Figure 2. Factory default position of the battery against the motor controller – with a noticeable gap between the two. The silver guide rail is normally fastened to the motor controller in that position (we’ve removed the fasteners), the right end of the rail bumps up against the battery.
Figure 3. Tweaked position of the battery, no gap between battery and motor controller.
Figure 4. Tweaked battery position shows that the holes on the guide rail no longer align with the holes on the motor controller. We omitted these screws and simply taped the guide rail to the motor controller.

Then we slotted the whole thing back into the bike, wondering if we could get away with not using some of the screws. The battery itself has a push button tab that clicks into the bike, holding that end in. The motor controller doesn’t sit snug against the tube and rattles unless screwed down. However that mounting screw-hole no longer lines up with the bike. So we had to enlarge the existing hole a little (it was an ugly job using a cordless drill, with a scattering of aluminium shavings).
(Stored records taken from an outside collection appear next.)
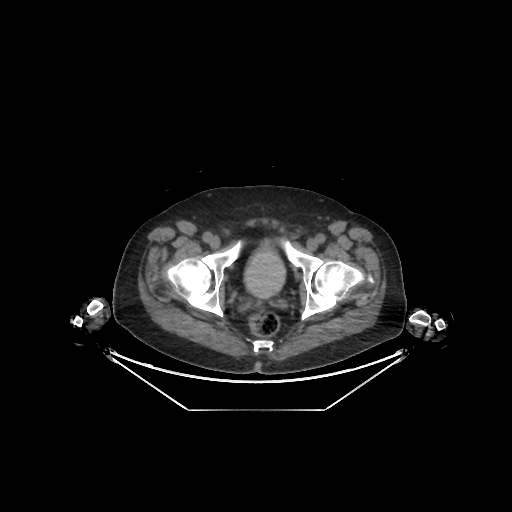 CT scan slice. Urinary bladder — region(244, 243, 285, 297).
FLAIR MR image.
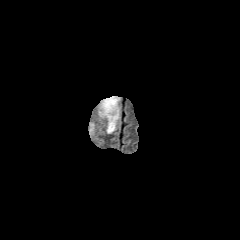
T1-weighted magnetic resonance.
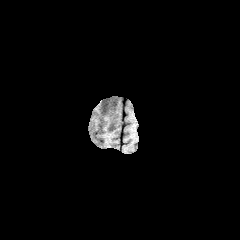
Post-contrast T1-weighted MR.
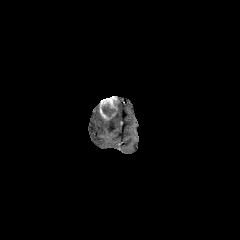
T2-weighted magnetic resonance.
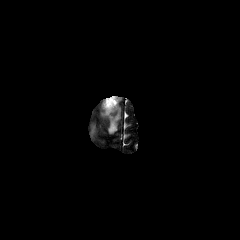
Image size 240x240
Edema = left=89, top=122, right=95, bottom=137; left=106, top=103, right=120, bottom=133.
Enhancing tumor = left=100, top=96, right=117, bottom=118.

Not only had the mounting screw-hole alignment shifted, so too did the port on the underside of the motor controller, so the plug cannot be cleanly attached. We had to cut away a large amount of the rubber housing (off the plug) to allow the plug to connect.

That was it. Job done.

We were left with a lot of screws we no longer needed:

  • two screws from the front light (that we cracked getting off)
  • two screws that secured the plug underneath the motor controller
  • two screws that held the rail to the control unit
  • one screw that fastened the rail to the bike

Seven all up. The front light was simply slotted back in, but it sat loose and needed to be taped in place. The plug on the underside no longer has screws to keep it in, however it plugs in firm and seems unlikely to come loose. If it does, we’ll cable tie it in place.

Final Word

While the battery is nominally a removable one that allows it to be charged separately from the bike, we believe that too many removal/insertions degraded the battery terminals. Thus, we’ve decided to leave the battery in permanently. Charge it while it’s on the bike.

The battery has been working well since. Even under heavy pedalling going up hills as it had in the beginning.